Fig 3. Zero-inflated Poisson regression model predictions of buffalo herd sizes within Kruger National Park overlaid with observed herds during the dry season (August 2012, left pane) and the wet season (January 2013, right pane).

https://doi.org/10.1371/journal.pone.0182903.g003

The roads travelled for field data collection were the same during the dry and wet seasons (Fig 4), but only 57% of the sampling (16/28 days) was completed during the wet season (January 2013) because of heavy rains and flooding of the road network. The median observed herd size during the dry season was 45 animals (range 1–1,200; IQR 3–100; n = 37) and 4.5 animals (range 1–250; IQR 2–46; n = 34) during the wet season. More buffalo groups were observed during the wet season (P = 0.008), in bush-type vegetation (P = 0.002), in lower vegetation density areas (P = 0.010), and in northern regions of KNP (P < 0.001; Table 2; S1 & S2 Tables). Bachelor buffalo herds were more frequently observed during the wet season (P = 0.022) and in denser vegetation (P = 0.005) compared to the mixed-sex herds (Table 3; S3 Table). Bachelor herd sizes were smaller than the mixed-sex herds (P < 0.001; Table 4; S4 Table). When adjusting for bachelor herds, dry season herds (P = 0.029), herds observed in bush-type vegetation (P = 0.019), and herds observed in less dense vegetation (P < 0.001) were significantly larger. Collected field data are available as Supporting Information (S1 File).

thumbnail
Fig 4. Field sampling starting locations and routes travelled during the dry season field observations (August 2012, left pane) and the wet season (January 2013, right pane).
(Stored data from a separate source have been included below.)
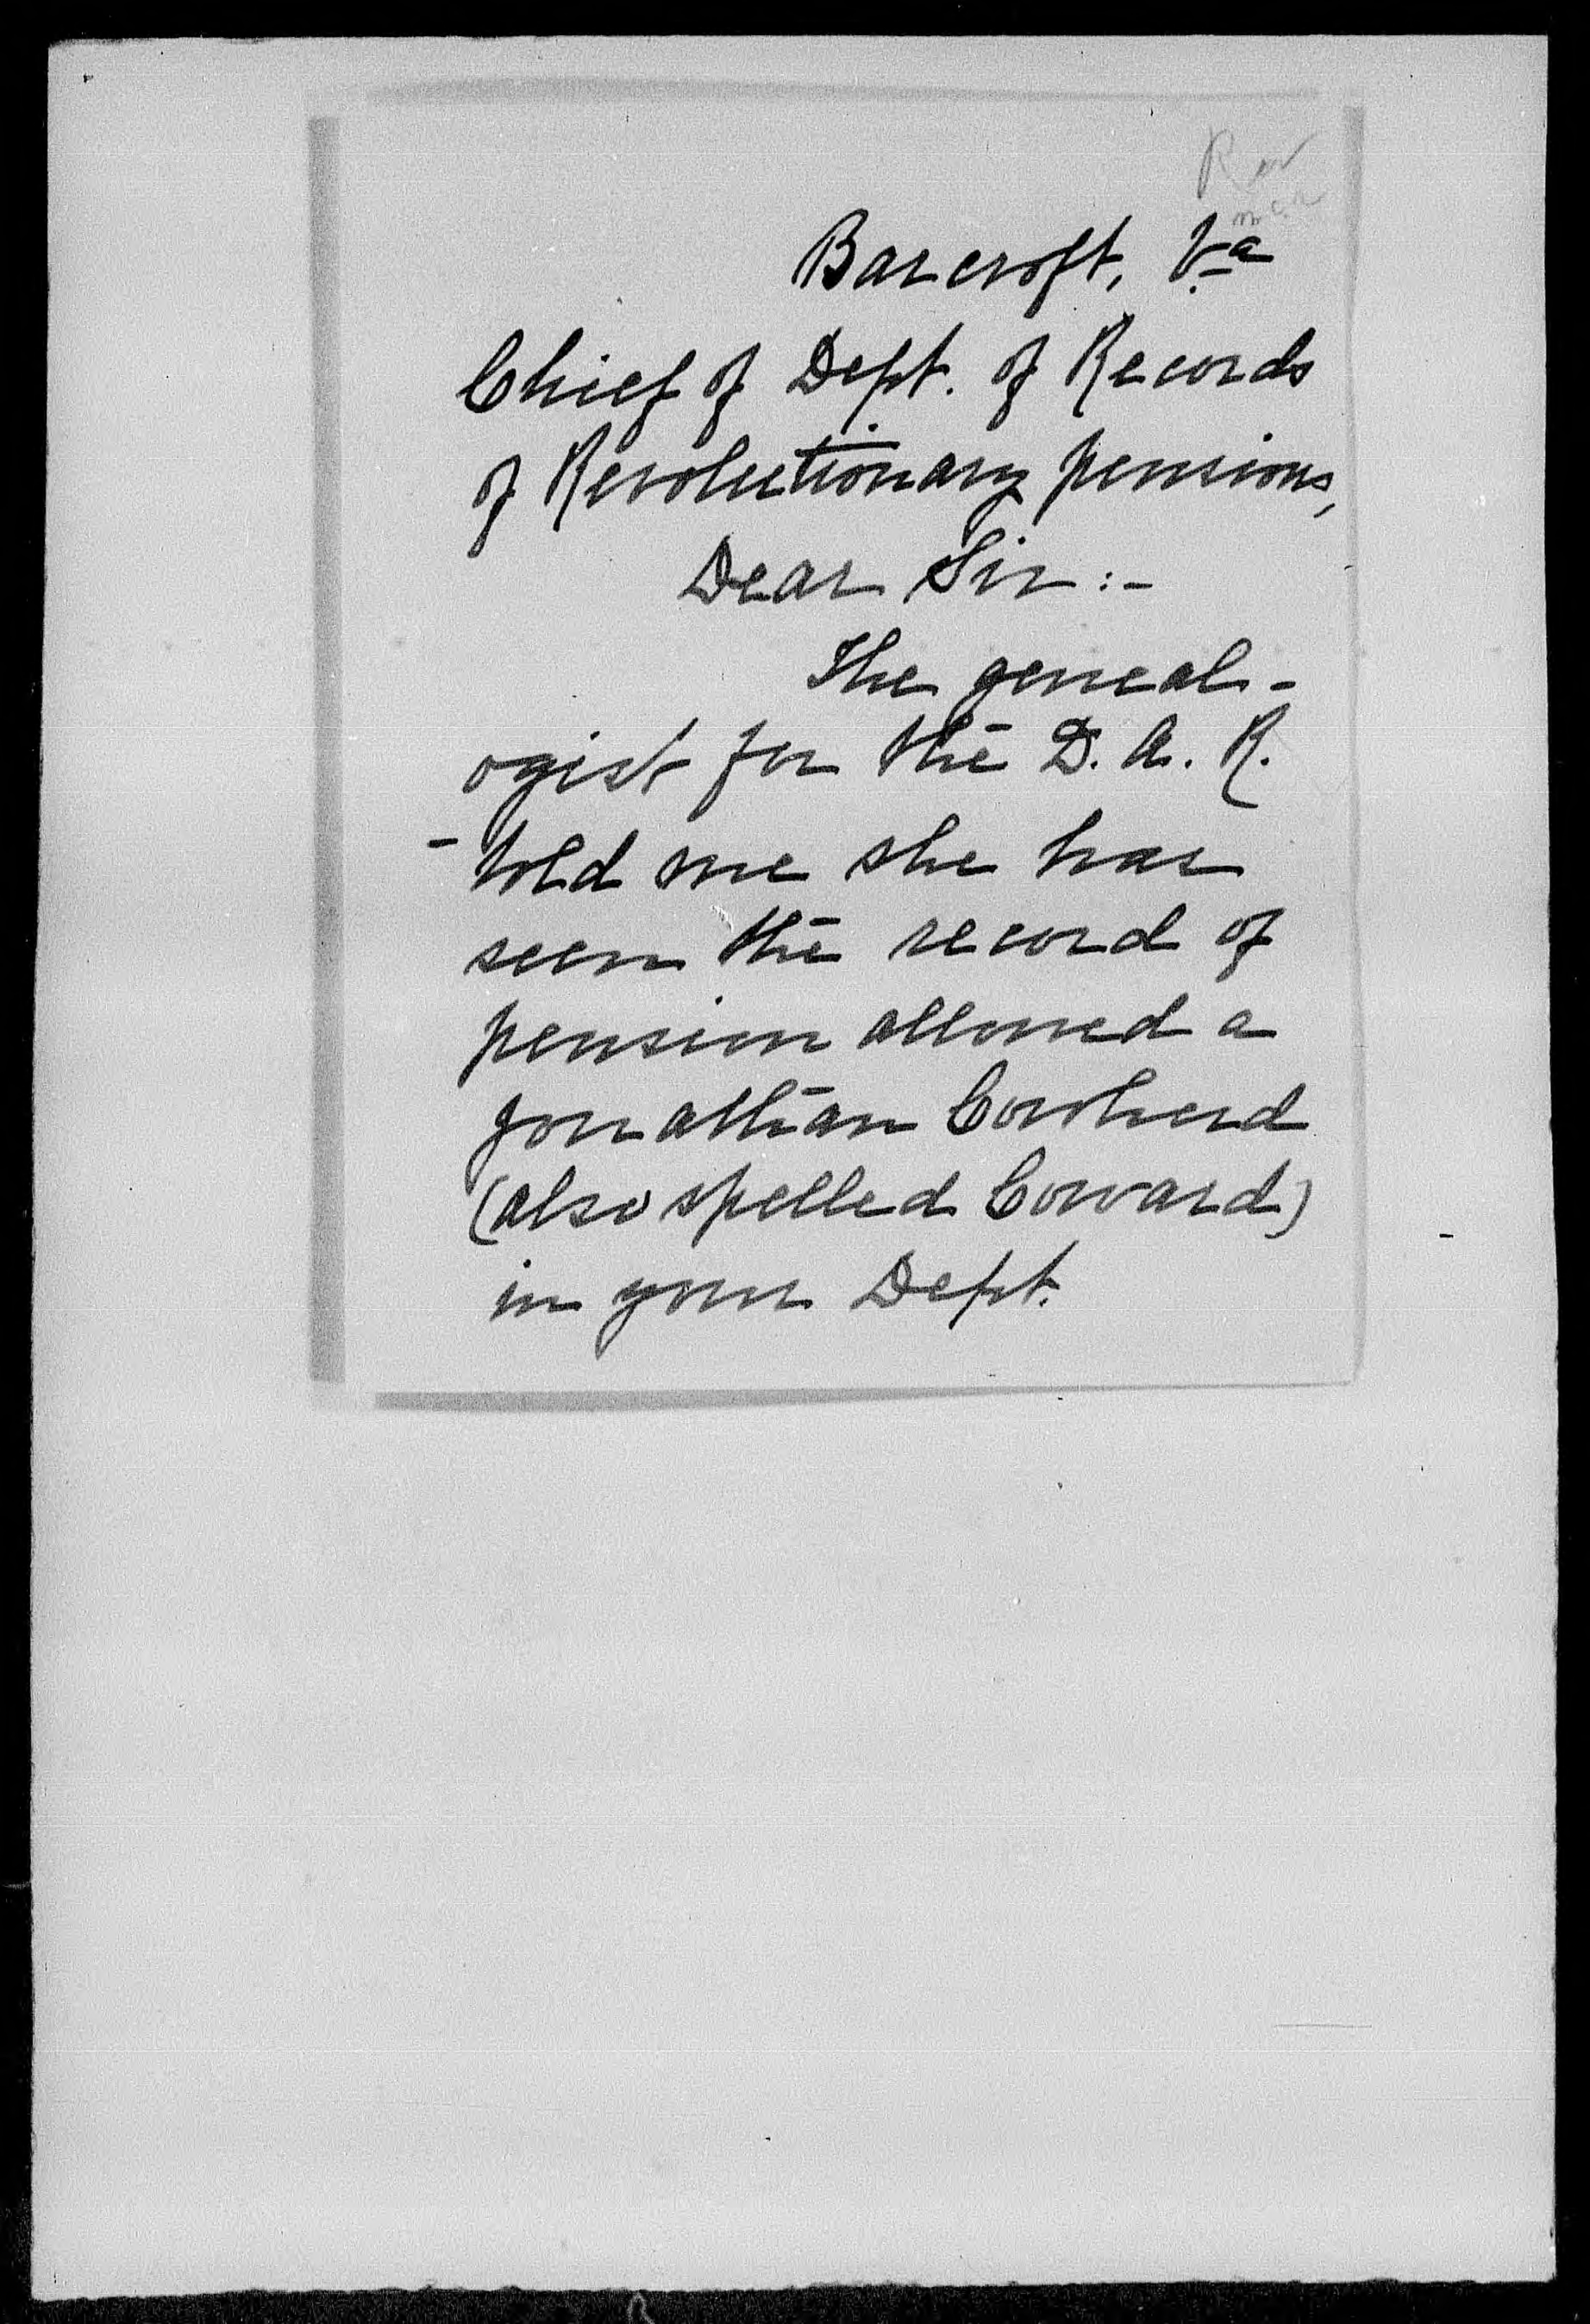Barcroft, Va.
Chief of Dept. of Records
of Revolutionary pensions,
Dear Sir: -
The genealogist for the D.A.R. told me she has seen the record of pension allowed a Jonathan Cowherd (also spelled Coward) in your Dept.

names: Jonathan Coward, Jonathan Cowherd
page: 41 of 46
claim: widow's
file: W 8619, Jonathan Cowherd, Va.

https://doi.org/10.1371/journal.pone.0182903.g004

thumbnail
Table 2. Multivariable logistic regression to identify predictors of observing buffalo herds based on field data collected for 105 detected herds of buffalo in Kruger National Park during August 2012 and January 2013 compared to 234 hourly time points without buffalo observations.

https://doi.org/10.1371/journal.pone.0182903.t002

thumbnail
Table 3. Multivariable logistic regression to identify predictors of observing bachelor herds in 104 herds* of buffalo in Kruger National Park identified during August 2012 and January 2013.

https://doi.org/10.1371/journal.pone.0182903.t003

thumbnail
Table 4. Multivariable linear regression for the estimation of effects of predictor variables on observed buffalo herd size* in 104 herds of buffalo in Kruger National Park identified during August 2012 and January 2013.

https://doi.org/10.1371/journal.pone.0182903.t004

Discussion

The study reported here estimated the spatial distribution of the African buffalo (Syncerus caffer) of KNP using four different modeling approaches to assess the suitability of approaches for developing disease transmission models. African buffalo herds vary greatly in size, from 1 individual to more than 1000, and the probability distribution of herd sizes in a population tends to follow exponential distributions or negative power curves [6]. A biologically reasonable herd size distribution is one in which both very small and very large herds are present with an average of approximately 250 individuals [7]. The hypothesis of the present study was that spatial heterogeneity in African buffalo numbers could be explained by herd-level and environmental predictors. We also evaluated whether or not spatial autocorrelation would be important because regression approaches that exclude spatial autocorrelation over-estimate the effects of landscape variables [38]. The results of the present study suggest that the presence of African buffalo depends upon the herd structure and environmental factors but the effects of spatial autocorrelation were inconclusive.

There was no apparent seasonal effect on prediction error or correlation when the four modeling approaches were evaluated. The disaggregation method provided results that distributed the population too evenly over the entire park causing low population values in every cell. These are unrealistic predictions based on the known herd dynamics of the African buffalo. This method was developed for the modeling of white-tailed deer populations in Texas [32], which have different behaviors and herd dynamics. White-tailed deer are often found in much smaller groups; therefore, this broad spatial dispersal would be a more realistic expectation. In the present study involving African buffalo, the main challenge was to account for the large variation in herd sizes. Further work on developing suitability values may produce a more realistic outcome from the disaggregation method. The calculation method utilized in the current study also did not allow for any environmental factor to have a negative effect and therefore each cell was required to have a positive value.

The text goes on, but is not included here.